# Opening Day of Rifle



## B4TheRush (Oct 13, 2010)

Well, been waiting for opening day of rifle for a longgg time. Since i havnt got into the bow and muzzleloader hunting yet just due to shortage on cash. Went out on some private land with my cousin and uncle where we usually have pretty good luck not many buck but usually big doe. The rut was a little late this year so we were pretty excited for a buck. Get in the stand at 5:30, around 7 i shoot a big spike with my brand new .308 shot great dead on accurate too. Around 8:50 a nice 8 point comes and checks out my spike so i let it walk to my cousin and he nabbed it. After we got back from breakfast we sat around and napped and at about 2:30 p.m. a nice big wide 8 point comes barreling through the woods and my uncle drops it at about 150 yards. So, so far this day is about as good as we could of asked so we hop in the stands at 4p.m. just to see what happens and sure enough at about 5 here comes a group of big doe and we all get one. So bagged our limit for all 3 of us opening day, not to mention it was beautiful outside. All in all great hunt and hope you guys are having as much luck as i am! Keep at it im hoping for another mounter this year haha.

Jacob


----------



## Finger_Mullet (Aug 19, 2005)

Congrats on a great opening day.

Darin


----------



## surfchunker (Apr 10, 2006)

double congrats


----------



## RuddeDogg (Mar 20, 2004)

Nice work. Congrats.


----------



## Paymaster (Jan 22, 2009)

Good Deal!!!!!!!!!!!!!! Congrats to you all.
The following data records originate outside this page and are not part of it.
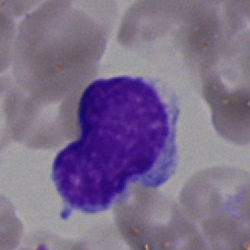 Morphological class — typical lymphocyte.
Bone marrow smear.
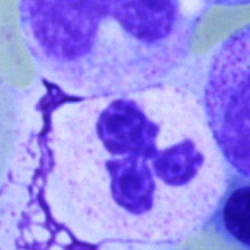
Q: Identify the cell.
A: It is a segmented neutrophil.
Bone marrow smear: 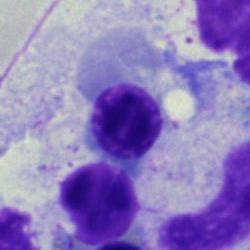 Morphology consistent with a nucleated red blood cell.
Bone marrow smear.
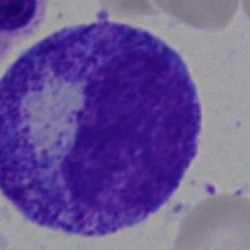

Cell = metamyelocyte.
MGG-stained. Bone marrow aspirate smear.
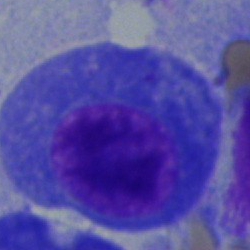
Cell type: plasma cell.
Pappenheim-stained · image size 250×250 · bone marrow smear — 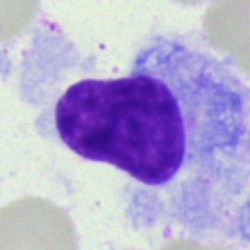
This is a hairy cell.
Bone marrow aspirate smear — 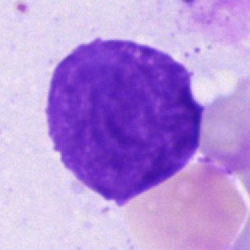 Specimen: bone marrow smear.
Cell: artefact.
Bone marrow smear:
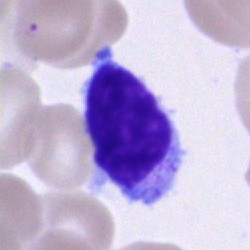A typical lymphocyte.
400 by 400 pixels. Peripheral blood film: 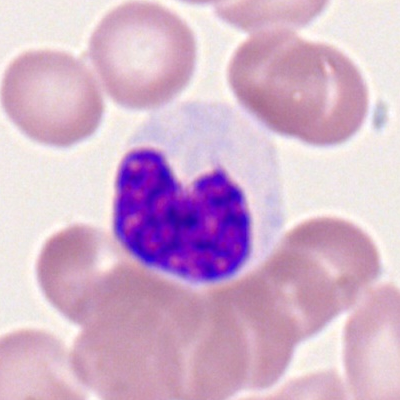Cell — neutrophil (band).
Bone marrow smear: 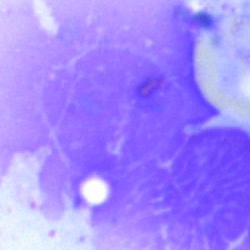Q: What is shown here?
A: This is an artefact.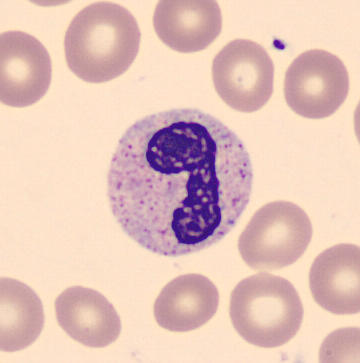 Q: What type of cell is this?
A: A stab cell.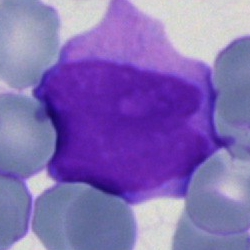
Impression → blast cell.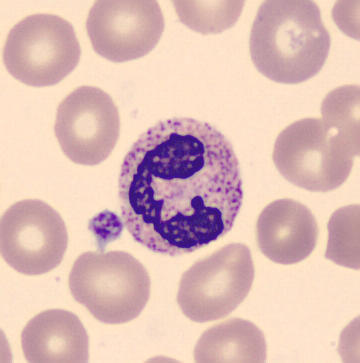

Q: What is this?
A: It is a neutrophil (segmented).
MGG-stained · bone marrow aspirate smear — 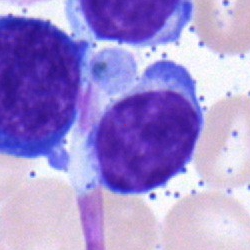

Q: What is shown here?
A: Lymphocyte.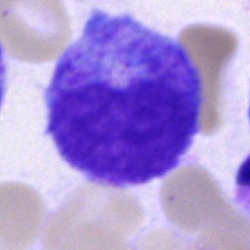 Morphological class — progranulocyte.

I have only been on a couple hunts so far this year. Have not seen anything. I was going the morning but this hacking cold has me home bound.


----------



## B4TheRush (Oct 13, 2010)

haha thx guys! Checked out a few pubic wma's around where i live and havnt had any luck yet jumped about 8 but couldnt get a shot.


----------



## chriscustom (Jun 17, 2006)

B4TheRush just what part of Va you from? I may know a place you could hunt around here, its State Proptery.


----------